PSRM Essa medida será adotada apenas na rede pública. Isso criará disparidades com a rede privada?

BRUNO VITAL Com certeza. Hoje, na prática, os estudantes da rede privada que têm dificuldade, como seus pais também têm recursos, eles geralmente contratam professores particulares, colocam o aluno no reforço. É por isso que eles conseguem progredir, que eles conseguem passar de ano, exatamente porque têm o reforço para poder avançar.

O estudante da rede pública já não tem isso. Temos diversos cenários no estado – o estudante que mora no interior, por exemplo, não tem como estar os dois turnos na escola, o estado não garante um ônibus para ele estar no contraturno.

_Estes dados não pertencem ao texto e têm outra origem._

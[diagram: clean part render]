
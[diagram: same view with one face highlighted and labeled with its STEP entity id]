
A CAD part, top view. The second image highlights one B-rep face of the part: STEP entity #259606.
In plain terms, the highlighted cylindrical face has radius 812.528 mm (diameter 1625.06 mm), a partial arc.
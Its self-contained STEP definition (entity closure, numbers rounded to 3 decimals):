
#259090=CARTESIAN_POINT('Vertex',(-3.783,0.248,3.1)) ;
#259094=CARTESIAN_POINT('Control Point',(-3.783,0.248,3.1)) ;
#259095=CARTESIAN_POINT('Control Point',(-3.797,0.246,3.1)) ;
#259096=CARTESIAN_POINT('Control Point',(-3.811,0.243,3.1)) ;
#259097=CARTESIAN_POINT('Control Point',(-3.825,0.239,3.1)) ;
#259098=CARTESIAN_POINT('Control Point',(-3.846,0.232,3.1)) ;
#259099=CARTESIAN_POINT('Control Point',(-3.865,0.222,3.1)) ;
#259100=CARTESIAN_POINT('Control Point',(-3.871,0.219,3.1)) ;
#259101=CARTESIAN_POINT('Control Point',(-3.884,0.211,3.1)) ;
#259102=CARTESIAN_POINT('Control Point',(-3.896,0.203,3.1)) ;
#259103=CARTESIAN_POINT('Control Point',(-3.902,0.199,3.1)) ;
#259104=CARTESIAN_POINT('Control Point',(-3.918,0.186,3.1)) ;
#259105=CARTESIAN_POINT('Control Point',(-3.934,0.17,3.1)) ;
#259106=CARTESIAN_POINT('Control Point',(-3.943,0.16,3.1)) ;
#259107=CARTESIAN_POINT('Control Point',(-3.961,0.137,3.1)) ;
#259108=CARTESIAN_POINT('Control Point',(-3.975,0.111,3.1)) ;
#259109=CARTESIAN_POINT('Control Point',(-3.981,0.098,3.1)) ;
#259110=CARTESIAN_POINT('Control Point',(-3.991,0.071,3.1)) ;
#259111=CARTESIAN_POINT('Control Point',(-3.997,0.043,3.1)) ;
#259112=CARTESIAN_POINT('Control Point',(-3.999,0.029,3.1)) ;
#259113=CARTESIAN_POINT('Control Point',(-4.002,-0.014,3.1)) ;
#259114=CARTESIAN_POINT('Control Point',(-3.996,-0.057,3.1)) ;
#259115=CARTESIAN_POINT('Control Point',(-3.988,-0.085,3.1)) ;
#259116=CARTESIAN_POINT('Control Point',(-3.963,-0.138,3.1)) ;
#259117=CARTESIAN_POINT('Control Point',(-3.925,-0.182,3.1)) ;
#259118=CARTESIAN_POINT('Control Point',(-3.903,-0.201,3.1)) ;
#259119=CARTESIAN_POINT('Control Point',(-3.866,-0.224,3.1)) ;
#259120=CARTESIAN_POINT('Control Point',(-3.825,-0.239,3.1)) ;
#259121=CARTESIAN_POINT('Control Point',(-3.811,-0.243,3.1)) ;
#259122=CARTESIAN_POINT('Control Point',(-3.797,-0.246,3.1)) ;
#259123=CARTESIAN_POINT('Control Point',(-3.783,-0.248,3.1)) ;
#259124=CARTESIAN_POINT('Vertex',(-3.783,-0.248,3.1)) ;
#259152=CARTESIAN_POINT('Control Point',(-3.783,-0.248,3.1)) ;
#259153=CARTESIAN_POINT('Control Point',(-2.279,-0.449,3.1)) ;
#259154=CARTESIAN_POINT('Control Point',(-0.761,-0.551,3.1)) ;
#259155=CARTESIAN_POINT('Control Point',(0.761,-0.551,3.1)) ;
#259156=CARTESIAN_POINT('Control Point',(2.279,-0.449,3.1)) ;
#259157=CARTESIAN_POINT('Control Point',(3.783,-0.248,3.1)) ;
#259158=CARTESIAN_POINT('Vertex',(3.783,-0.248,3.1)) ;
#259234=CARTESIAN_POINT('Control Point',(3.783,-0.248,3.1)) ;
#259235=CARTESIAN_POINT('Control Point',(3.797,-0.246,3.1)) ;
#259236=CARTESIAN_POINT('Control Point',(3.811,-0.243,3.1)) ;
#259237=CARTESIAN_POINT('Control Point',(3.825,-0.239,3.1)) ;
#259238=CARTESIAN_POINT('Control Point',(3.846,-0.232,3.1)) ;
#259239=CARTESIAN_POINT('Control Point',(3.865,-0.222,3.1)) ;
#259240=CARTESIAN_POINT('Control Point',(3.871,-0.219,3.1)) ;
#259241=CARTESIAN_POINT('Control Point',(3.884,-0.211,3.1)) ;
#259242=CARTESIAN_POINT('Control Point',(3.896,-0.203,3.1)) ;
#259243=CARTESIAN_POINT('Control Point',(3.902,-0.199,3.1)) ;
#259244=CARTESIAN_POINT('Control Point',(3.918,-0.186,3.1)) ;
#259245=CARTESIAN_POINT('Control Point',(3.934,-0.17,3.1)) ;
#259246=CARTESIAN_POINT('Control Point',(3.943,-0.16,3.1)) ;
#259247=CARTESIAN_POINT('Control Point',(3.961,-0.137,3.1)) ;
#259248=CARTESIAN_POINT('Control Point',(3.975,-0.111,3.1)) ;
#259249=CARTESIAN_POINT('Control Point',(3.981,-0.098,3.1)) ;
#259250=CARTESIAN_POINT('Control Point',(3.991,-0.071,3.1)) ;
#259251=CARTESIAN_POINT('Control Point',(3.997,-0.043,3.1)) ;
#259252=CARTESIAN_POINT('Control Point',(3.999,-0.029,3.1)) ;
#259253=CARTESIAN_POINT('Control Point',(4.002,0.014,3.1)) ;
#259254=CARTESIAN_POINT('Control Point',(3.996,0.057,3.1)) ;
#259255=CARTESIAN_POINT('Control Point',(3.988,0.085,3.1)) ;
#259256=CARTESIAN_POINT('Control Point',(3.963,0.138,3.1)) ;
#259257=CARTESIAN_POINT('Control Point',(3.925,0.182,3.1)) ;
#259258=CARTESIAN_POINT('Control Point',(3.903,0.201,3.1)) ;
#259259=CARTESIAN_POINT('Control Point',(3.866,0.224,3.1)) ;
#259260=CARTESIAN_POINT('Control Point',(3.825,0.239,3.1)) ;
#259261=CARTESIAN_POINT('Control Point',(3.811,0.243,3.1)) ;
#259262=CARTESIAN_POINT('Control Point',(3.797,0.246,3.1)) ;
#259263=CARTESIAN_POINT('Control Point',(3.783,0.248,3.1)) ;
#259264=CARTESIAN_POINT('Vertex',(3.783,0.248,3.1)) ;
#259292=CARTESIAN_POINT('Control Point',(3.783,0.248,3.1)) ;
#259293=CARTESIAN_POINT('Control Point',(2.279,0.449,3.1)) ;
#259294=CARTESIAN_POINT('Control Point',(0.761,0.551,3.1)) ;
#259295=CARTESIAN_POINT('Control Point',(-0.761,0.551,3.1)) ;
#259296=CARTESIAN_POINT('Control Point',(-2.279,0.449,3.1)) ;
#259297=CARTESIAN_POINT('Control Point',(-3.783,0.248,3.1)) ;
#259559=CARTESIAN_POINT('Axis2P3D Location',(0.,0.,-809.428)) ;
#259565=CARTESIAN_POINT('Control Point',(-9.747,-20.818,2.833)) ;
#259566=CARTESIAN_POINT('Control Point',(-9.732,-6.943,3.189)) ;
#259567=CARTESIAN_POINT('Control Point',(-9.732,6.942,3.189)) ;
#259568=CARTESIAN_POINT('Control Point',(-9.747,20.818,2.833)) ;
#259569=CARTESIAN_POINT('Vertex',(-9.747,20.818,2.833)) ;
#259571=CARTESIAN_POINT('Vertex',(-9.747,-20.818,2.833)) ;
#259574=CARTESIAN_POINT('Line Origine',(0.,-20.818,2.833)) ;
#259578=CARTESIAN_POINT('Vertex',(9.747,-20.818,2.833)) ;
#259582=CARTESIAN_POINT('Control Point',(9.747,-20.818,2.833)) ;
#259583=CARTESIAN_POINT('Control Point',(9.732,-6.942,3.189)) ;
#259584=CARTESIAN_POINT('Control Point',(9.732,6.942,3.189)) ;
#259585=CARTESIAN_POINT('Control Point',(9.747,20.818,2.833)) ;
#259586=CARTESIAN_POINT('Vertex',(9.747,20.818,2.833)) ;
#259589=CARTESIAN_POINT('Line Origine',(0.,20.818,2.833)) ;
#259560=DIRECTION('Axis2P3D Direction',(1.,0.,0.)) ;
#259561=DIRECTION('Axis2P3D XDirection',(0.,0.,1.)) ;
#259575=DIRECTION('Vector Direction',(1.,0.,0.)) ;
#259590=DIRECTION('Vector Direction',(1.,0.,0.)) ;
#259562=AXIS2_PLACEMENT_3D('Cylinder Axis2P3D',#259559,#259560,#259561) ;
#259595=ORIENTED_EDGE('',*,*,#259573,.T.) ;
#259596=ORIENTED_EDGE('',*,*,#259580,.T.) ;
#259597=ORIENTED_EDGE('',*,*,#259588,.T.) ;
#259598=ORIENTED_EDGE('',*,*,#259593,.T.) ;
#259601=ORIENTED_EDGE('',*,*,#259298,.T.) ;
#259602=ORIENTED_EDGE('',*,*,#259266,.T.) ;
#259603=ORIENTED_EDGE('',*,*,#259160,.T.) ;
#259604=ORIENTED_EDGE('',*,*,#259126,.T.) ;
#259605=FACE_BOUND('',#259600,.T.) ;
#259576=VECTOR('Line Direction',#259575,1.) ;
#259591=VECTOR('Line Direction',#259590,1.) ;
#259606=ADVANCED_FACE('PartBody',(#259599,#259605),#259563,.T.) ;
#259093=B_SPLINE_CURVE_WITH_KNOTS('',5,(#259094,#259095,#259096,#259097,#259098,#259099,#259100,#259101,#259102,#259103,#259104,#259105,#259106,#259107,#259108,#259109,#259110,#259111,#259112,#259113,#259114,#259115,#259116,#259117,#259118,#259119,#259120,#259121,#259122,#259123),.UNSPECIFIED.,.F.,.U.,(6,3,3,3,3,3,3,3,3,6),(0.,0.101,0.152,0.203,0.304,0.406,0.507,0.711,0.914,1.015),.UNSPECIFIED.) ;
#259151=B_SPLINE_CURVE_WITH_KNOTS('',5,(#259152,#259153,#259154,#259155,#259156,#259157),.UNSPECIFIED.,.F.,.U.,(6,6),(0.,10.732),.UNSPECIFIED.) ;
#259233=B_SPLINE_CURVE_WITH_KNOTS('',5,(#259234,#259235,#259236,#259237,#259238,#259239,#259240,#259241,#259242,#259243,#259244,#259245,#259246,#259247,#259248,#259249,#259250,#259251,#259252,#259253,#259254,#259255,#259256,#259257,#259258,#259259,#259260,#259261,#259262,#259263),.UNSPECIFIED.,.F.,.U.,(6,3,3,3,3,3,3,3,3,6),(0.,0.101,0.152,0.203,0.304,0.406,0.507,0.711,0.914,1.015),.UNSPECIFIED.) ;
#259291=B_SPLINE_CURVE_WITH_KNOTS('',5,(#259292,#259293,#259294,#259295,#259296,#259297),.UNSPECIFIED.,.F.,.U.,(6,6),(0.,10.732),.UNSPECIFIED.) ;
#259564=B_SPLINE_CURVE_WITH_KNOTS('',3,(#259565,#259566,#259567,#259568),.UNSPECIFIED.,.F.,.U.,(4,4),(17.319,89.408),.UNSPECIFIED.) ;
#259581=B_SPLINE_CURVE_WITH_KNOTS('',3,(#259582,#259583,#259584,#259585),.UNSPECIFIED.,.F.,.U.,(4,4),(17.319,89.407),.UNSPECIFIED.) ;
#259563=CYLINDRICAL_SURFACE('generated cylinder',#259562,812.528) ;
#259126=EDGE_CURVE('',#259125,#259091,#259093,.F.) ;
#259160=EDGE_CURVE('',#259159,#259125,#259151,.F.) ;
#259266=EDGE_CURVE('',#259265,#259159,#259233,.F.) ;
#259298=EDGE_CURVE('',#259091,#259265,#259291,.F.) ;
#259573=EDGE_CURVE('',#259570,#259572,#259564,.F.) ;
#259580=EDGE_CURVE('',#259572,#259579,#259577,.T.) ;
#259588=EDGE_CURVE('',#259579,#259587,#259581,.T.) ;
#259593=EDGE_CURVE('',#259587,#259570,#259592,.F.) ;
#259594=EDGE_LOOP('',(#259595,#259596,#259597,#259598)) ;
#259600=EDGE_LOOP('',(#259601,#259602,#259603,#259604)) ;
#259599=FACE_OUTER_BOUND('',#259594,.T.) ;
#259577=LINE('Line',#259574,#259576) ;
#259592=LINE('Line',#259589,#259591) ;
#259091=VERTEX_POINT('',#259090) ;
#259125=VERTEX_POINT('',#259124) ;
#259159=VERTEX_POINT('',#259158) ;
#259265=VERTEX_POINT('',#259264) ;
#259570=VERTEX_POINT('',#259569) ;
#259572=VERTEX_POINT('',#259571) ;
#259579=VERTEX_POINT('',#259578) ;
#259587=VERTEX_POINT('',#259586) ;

O ideal era que a rede construísse uma rede de apoio para esses estudantes, com outros profissionais, com outros professores, ou ampliando a carga horária dos nossos professores para eles ficarem no contraturno trabalhando, dando reforço escolar. Aí sim a gente teria a equiparação entre as redes.

Já temos disparidades hoje e a medida vai aprofundar a desigualdade entre a rede privada e a rede pública, oficializando essa defasagem como se ela fosse correta, por essa metodologia de aprovação que o Estado vai criar.

PSRM E qual o impacto dessa medida na vida do educador?

BRUNO VITAL A gente tem escutado relatos dos professores de muito desagrado com a medida, exatamente porque ela cria a ideia de que não é importante o trabalho que o professor realiza, já que o estudante não precisa passar na disciplina. Vai criar, sim, na rede esse sentimento de desvalorização do trabalho docente.

Essa prática vai fazer com que esses estudantes passem de ano sem terem aprendido, sem terem nem compromisso com a aprendizagem deles mesmos, porque eles sabem que podem reprovar e mesmo assim vão passar de ano.